Today, I had posted this question about the "Payoff of a dice game" and in the answers, most had explained by associating the problem with the concept of the expected value of a probability distribution. So, I caught up on that but I find that I'm still confused.
With regard to the probability distribution curve, I fully understand the reason why the sum of product of the random variable and the probability gives the expected value for a given experiment. However, I wish to obtain a deeper and more intuitive understanding of this concept. I watched Sal Khan's videos and he explained it by using the following example:
"Imagine that you are playing basketball. The probability that you will make a basket is 40%. If you throw $n$ baskets, the expected value is given by $np$, where $p$ is the probability of success, defined here as the event of making a basket. Think of it this way; for every basket that you throw, the ball is falling 40% into the hoop."
Although this is a clever way to think about this, I was wondering if anybody else had any more insights. How do you make sense of this concept in your head? Please share for it would help me tremendously.
Edit: I realize that I have not been very clear while stating the question and want to clarify that I understand the logic behind the other question that I had posted. The reason that I posted this question separately is because I wanted to know how other people made sense of these concepts of averages and expectation values inside their head. What is the most useful way to think about these concepts?
Thanks ever so much :) Regards.
Assume a random variable $X$ that denotes the number of heads when you toss two coins together. $X$ has three possible values; $0, 1, 2.$ The probability of getting a $0$ (that is, no heads) is the probability of getting tails on one coin and getting a tails on the second coin. This is $0.25$.
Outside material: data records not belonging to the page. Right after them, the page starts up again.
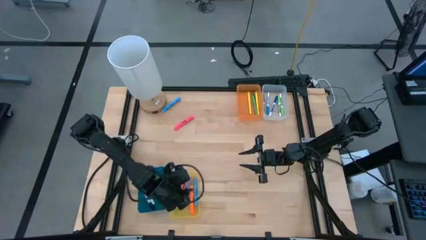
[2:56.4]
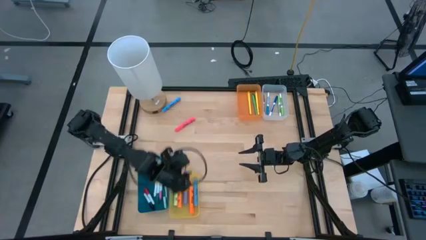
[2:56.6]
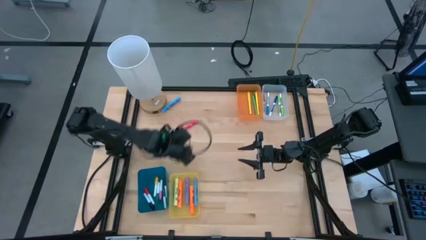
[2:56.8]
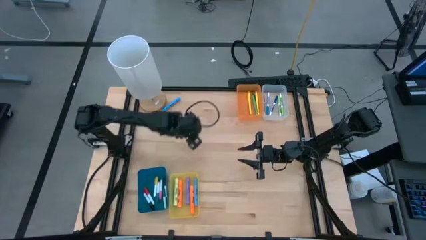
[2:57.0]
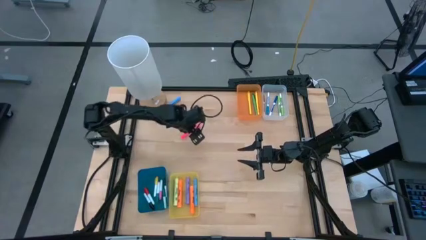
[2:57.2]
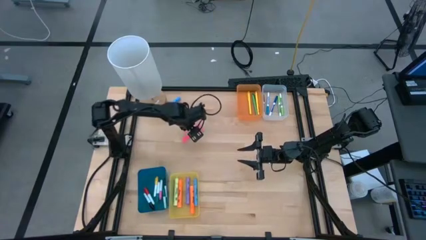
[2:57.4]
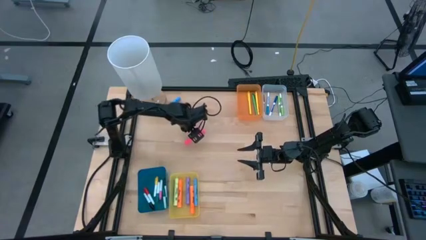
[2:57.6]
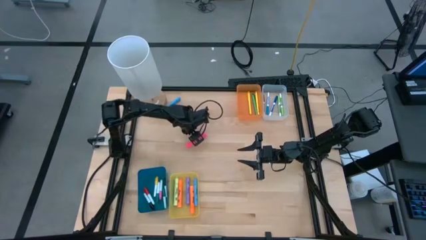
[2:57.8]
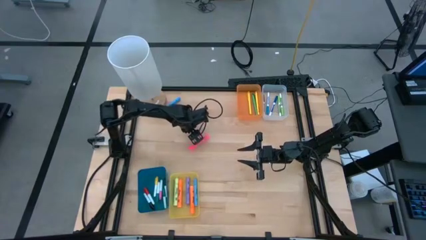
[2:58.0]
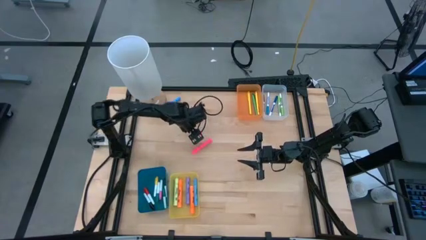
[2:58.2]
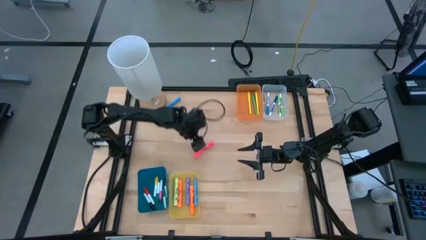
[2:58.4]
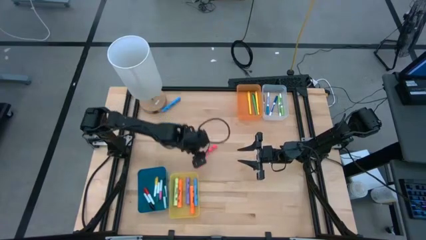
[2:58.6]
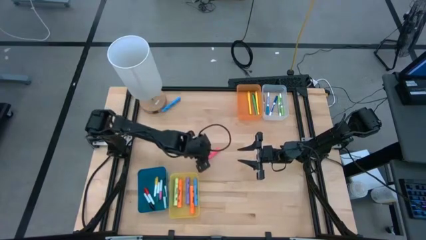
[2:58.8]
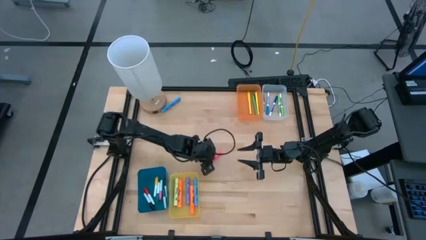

The probability of getting $X$ as $1$ is the probability of getting a heads on the first coin, and the probability of getting a tails on the second coin, OR, vice versa (tails on first coin, heads on the second coin). This is $0.25+0.25=0.5$.
Similarly, the probability of $X$ assuming the value $2$ is when you get $2$ heads (that is, $0.25$).
Now you ask yourself, "what result should I expect when I toss two coins, one after the other? Am I most likely to get two tails, two heads, or one head and one tail?"
To answer this, you multiply each value of $X$ with its corresponding probability. Why do we do this? Well, let's look at the definition of probability. Probability can be defined as the frequency of an event happening, divided by the sum of the frequencies of all events happening. That is $$\frac{frequency\ of\ event\ A}{sum\ of\ frequencies\ of\ events\ A,\ B,\ C...}$$
The sum of all frequencies happens to be the entire sample space. Now let's look at the definition of the "mean". If we are given a frequency table with values A, B and C and their corresponding frequencies (freqA, freqB, freqC), the mean is $$\frac{(A)(freqA)+(B)(freqB)+(C)(freqC)}{freqA +freqB +freqC}$$ or $$\frac{(A)(freqA)}{freqA +freqB +freqC}+\frac{(B)(freqB)}{freqA +freqB +freqC}+\frac{(B)(freqB)}{freqA +freqB +freqC}$$ This is nothing but $$(A)(ProbA)+(B)(ProbB)+(C)(ProbC)$$ (where ProbA is the probability of A).
So we see that the mean value (or expectation value) is defined as above.
In the case of my example, the expected value is 1. This means that if I toss 2 coins a very large number of times (in an unbiased way), the most common outcome would be 1 heads and 1 tails, (not necessarily in that order). Calculating the mean or "expectation" value before hand means that I can safely predict that for a large set of two-coin-tossing, I will get 1 heads and 1 tails on average.